(DATA FOR PROCESSING Opens)
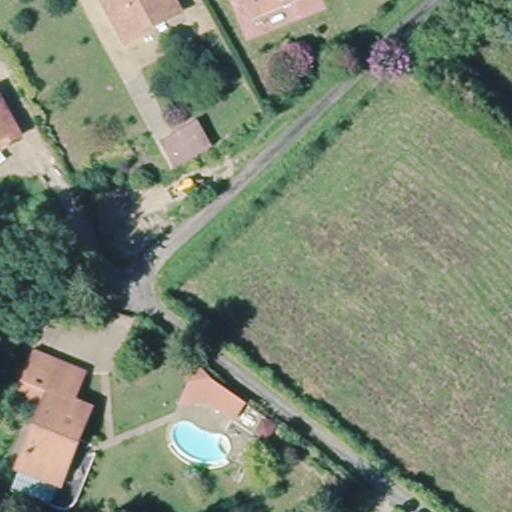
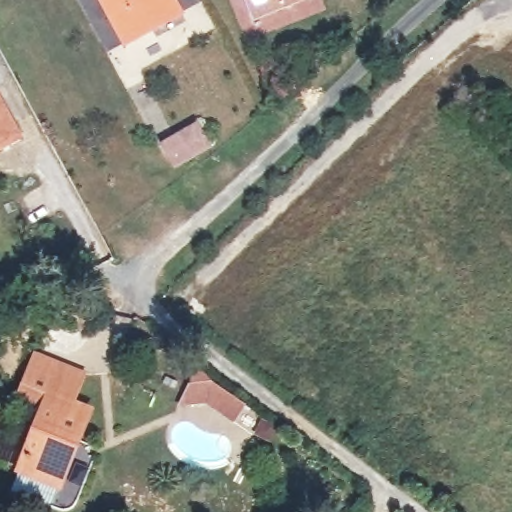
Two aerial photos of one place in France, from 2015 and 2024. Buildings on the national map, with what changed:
unchanged [(179,15),(125,45),(101,0),(171,0),(179,15)]
unchanged [(251,16),(242,0),(283,0),(251,16)]
unchanged [(15,135),(3,142),(0,137),(0,108),(15,135)]
unchanged [(200,129),(213,152),(179,171),(166,146),(200,129)]
unchanged [(19,399),(32,357),(82,372),(73,402),(92,408),(87,426),(81,424),(68,462),(72,462),(66,482),(25,468),(46,408),(19,399)]
unchanged [(247,403),(234,423),(206,404),(179,404),(198,367),(247,403)]

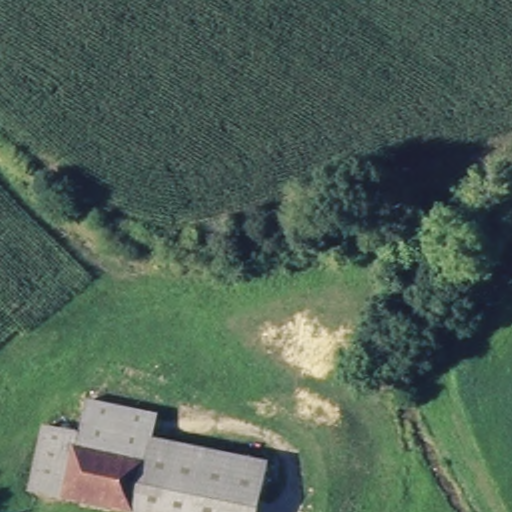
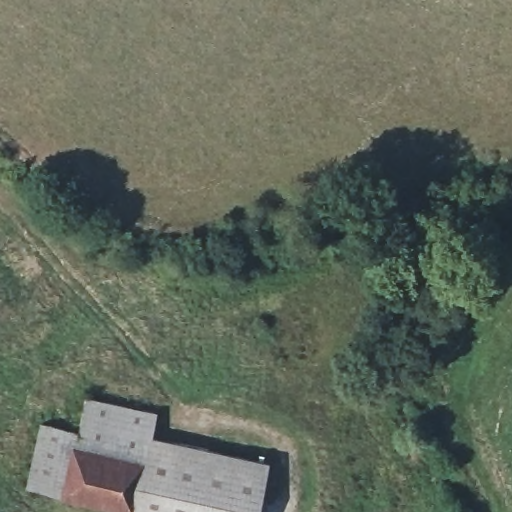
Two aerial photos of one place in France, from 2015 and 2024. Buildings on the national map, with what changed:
unchanged [(56,432),(75,435),(77,435),(84,401),(89,402),(154,414),(149,441),(268,463),(258,512),(115,512),(27,494),(34,458),(41,430),(56,432)]
(DATA FOR PROCESSING Closes)
DIRECTIONS FOR THIS TASK. The answer must be the data above, repeated exactly, with no pictures.

RESULT FOR THIS TASK.
Two aerial photos of one place in France, from 2015 and 2024. Buildings on the national map, with what changed:
unchanged [(179,15),(125,45),(101,0),(171,0),(179,15)]
unchanged [(251,16),(242,0),(283,0),(251,16)]
unchanged [(15,135),(3,142),(0,137),(0,108),(15,135)]
unchanged [(200,129),(213,152),(179,171),(166,146),(200,129)]
unchanged [(19,399),(32,357),(82,372),(73,402),(92,408),(87,426),(81,424),(68,462),(72,462),(66,482),(25,468),(46,408),(19,399)]
unchanged [(247,403),(234,423),(206,404),(179,404),(198,367),(247,403)]

Two aerial photos of one place in France, from 2015 and 2024. Buildings on the national map, with what changed:
unchanged [(56,432),(75,435),(77,435),(84,401),(89,402),(154,414),(149,441),(268,463),(258,512),(115,512),(27,494),(34,458),(41,430),(56,432)]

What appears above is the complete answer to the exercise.